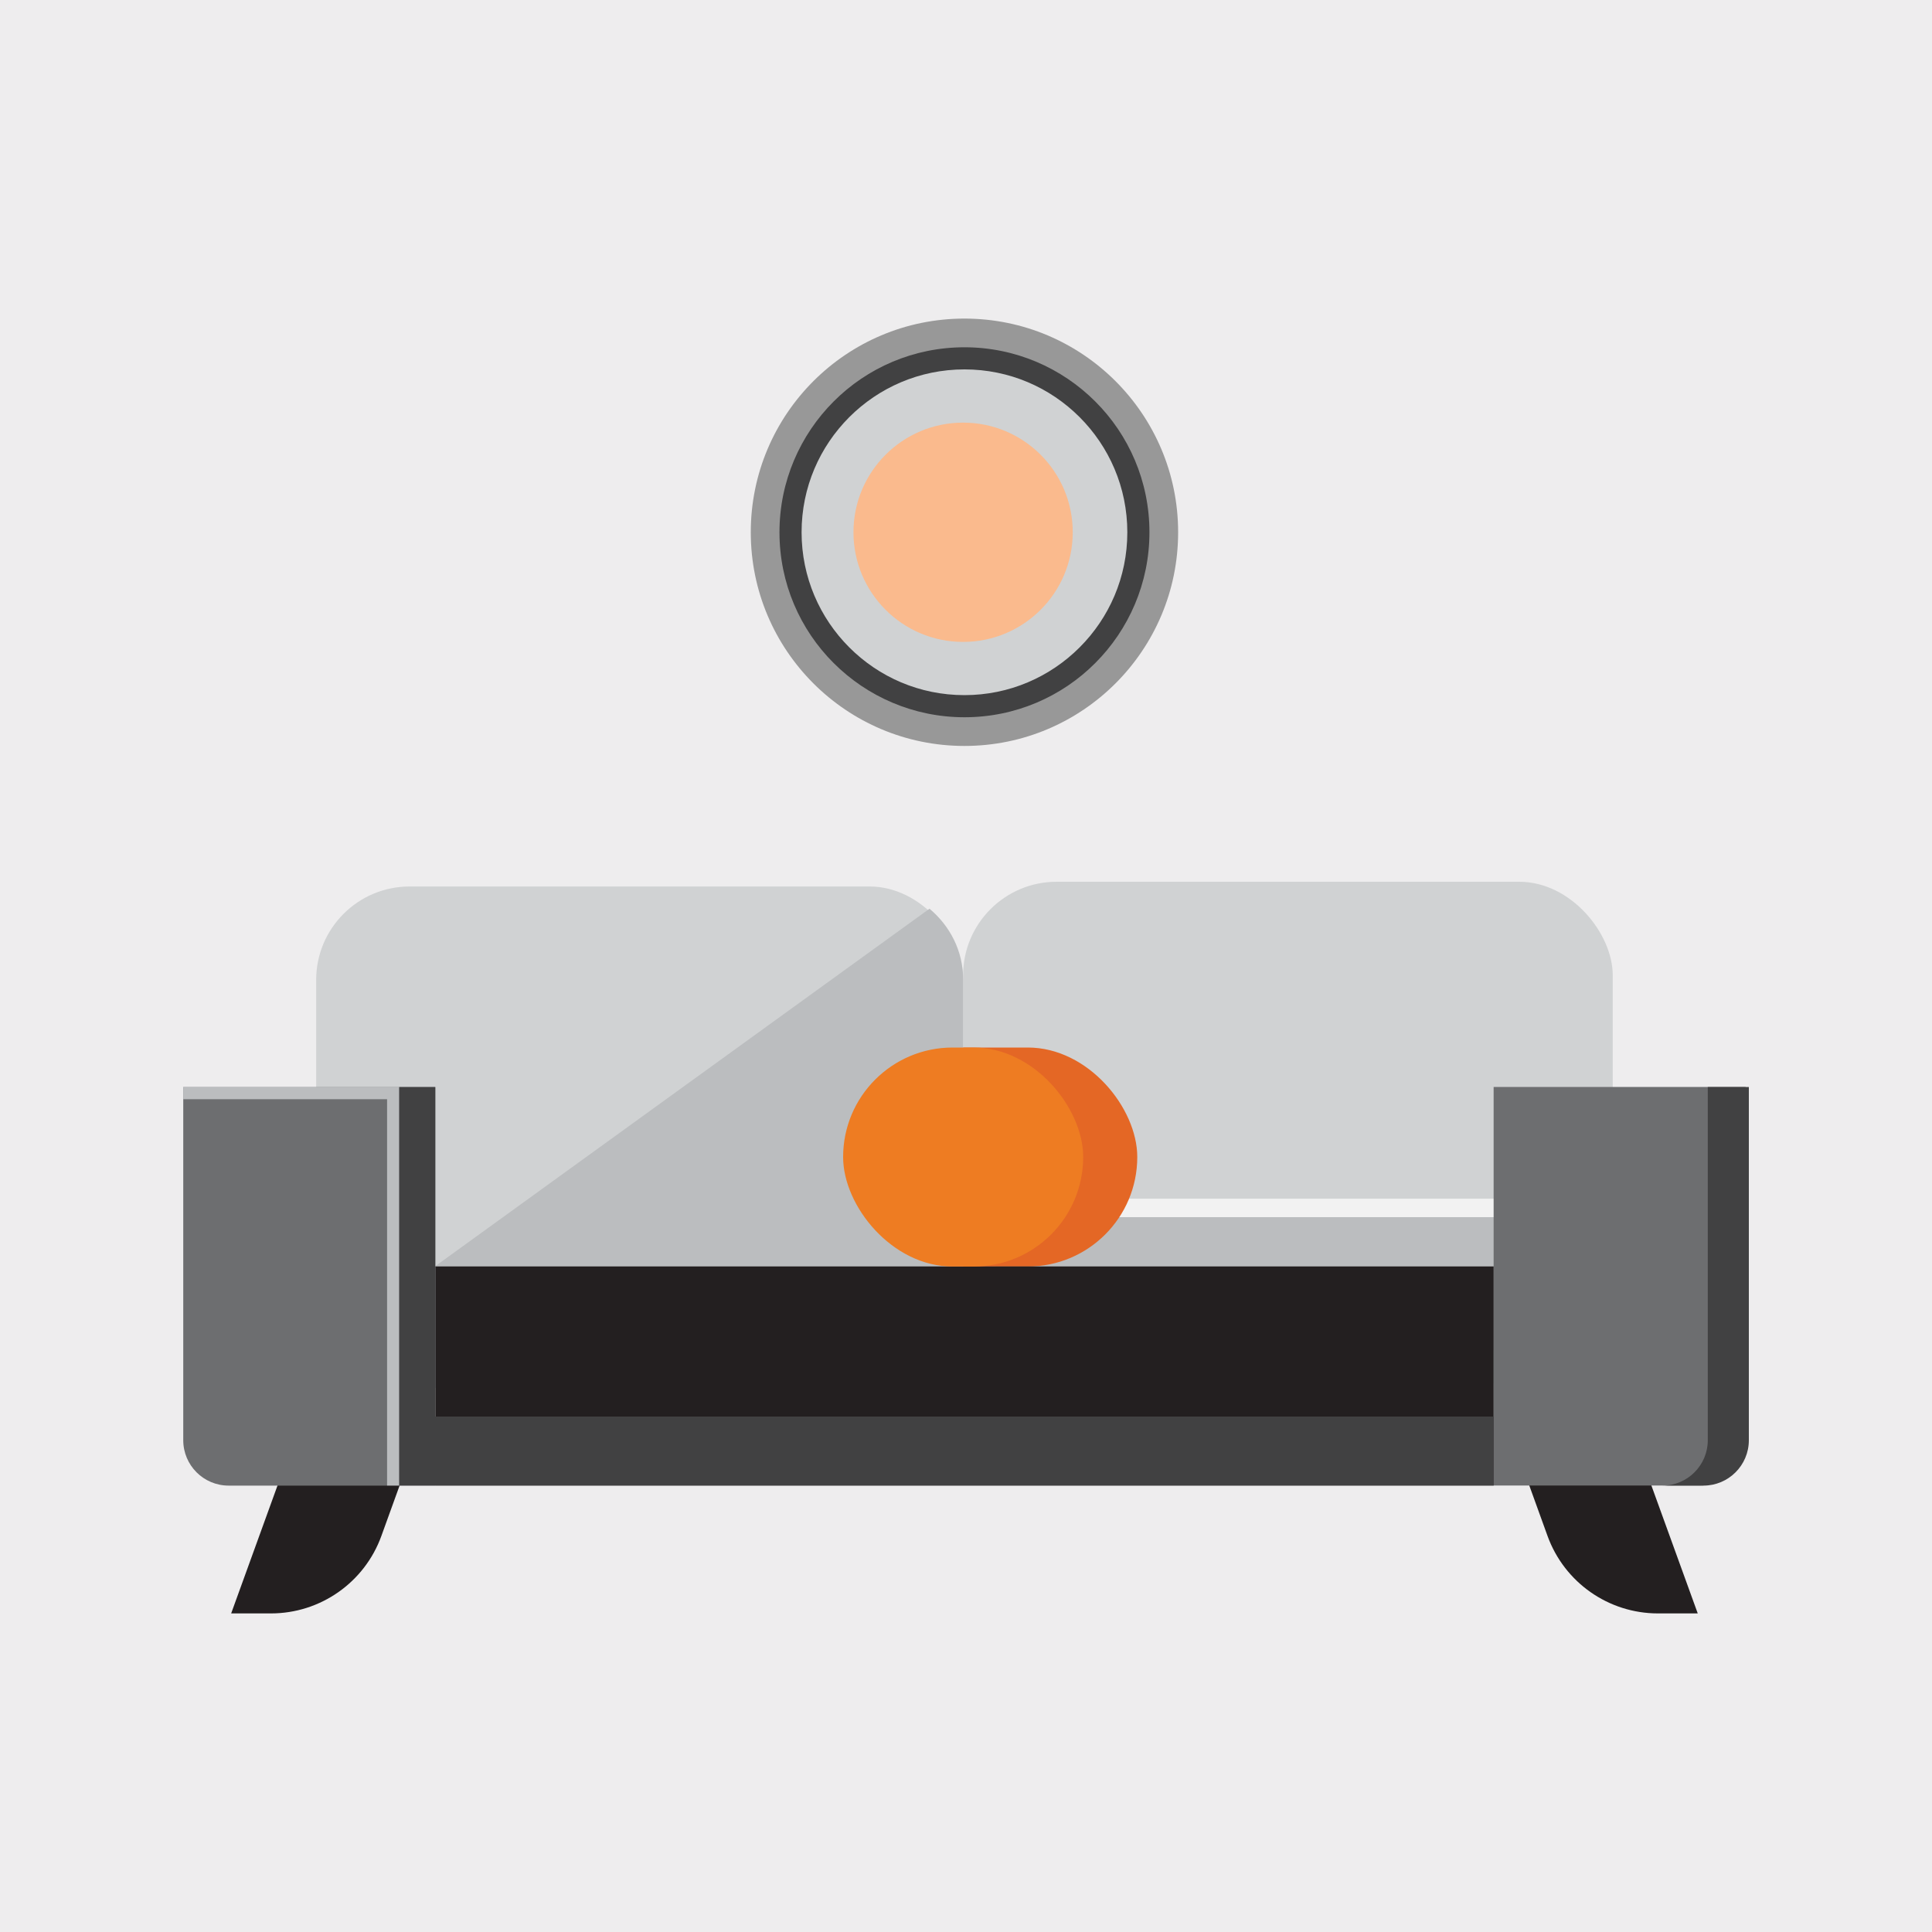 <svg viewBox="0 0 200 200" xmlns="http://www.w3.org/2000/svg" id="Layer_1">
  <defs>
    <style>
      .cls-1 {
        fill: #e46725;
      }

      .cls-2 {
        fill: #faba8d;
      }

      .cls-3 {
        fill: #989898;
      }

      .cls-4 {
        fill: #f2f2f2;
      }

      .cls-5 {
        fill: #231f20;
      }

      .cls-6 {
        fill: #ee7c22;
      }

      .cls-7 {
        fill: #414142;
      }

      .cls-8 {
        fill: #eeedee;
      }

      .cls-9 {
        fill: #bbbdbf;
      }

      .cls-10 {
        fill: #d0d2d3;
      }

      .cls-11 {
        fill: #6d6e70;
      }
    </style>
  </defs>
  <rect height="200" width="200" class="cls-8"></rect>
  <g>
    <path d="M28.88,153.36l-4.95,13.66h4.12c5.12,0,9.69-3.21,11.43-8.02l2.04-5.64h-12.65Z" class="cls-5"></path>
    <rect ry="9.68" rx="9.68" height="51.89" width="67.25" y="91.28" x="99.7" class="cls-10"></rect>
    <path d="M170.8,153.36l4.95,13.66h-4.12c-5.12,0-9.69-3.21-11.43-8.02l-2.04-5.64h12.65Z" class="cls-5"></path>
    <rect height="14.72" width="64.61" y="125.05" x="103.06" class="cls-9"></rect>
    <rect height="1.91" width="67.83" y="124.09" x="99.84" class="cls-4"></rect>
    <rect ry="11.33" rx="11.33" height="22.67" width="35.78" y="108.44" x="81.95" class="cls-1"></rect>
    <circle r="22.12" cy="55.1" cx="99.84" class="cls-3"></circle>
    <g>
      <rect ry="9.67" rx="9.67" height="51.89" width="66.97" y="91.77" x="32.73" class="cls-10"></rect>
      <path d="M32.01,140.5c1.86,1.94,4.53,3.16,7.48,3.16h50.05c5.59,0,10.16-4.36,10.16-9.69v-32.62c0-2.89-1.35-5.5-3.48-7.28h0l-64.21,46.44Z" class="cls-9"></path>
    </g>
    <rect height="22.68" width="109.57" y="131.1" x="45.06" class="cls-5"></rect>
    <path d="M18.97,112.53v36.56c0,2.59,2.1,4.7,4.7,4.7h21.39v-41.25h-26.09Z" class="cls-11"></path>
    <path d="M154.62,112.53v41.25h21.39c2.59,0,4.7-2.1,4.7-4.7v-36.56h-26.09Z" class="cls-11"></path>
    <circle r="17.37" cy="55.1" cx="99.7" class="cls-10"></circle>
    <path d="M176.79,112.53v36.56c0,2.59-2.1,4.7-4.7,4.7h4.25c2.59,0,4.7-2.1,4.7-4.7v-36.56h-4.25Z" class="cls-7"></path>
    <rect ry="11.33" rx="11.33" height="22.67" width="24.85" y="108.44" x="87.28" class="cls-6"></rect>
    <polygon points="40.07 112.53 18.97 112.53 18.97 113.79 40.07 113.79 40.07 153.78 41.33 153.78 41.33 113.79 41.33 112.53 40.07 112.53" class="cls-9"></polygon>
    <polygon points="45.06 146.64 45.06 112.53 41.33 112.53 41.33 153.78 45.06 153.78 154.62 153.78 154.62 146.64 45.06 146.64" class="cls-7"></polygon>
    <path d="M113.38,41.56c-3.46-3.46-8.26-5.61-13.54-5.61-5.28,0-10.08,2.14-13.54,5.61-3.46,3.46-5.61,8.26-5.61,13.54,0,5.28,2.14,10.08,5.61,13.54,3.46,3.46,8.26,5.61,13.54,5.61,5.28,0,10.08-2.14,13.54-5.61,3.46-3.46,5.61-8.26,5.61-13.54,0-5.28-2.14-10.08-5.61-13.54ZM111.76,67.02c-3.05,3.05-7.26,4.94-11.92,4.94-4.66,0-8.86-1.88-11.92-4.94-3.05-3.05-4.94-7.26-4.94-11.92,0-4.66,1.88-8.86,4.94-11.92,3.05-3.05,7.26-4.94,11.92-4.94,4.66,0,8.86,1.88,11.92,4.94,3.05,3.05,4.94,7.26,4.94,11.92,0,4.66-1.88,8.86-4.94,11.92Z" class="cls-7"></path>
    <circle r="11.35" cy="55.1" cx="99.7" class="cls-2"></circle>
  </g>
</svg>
^^^^^^^^
_EXERCISE BRIEF:_ In the material above, find every line that has the string "polygon" and pull those lines out.

_EXERCISE RESULT:_
    <polygon points="40.07 112.53 18.97 112.53 18.97 113.79 40.07 113.79 40.07 153.78 41.33 153.78 41.33 113.79 41.33 112.53 40.07 112.53" class="cls-9"></polygon>
    <polygon points="45.06 146.64 45.06 112.53 41.33 112.53 41.33 153.78 45.06 153.78 154.62 153.78 154.62 146.64 45.06 146.64" class="cls-7"></polygon>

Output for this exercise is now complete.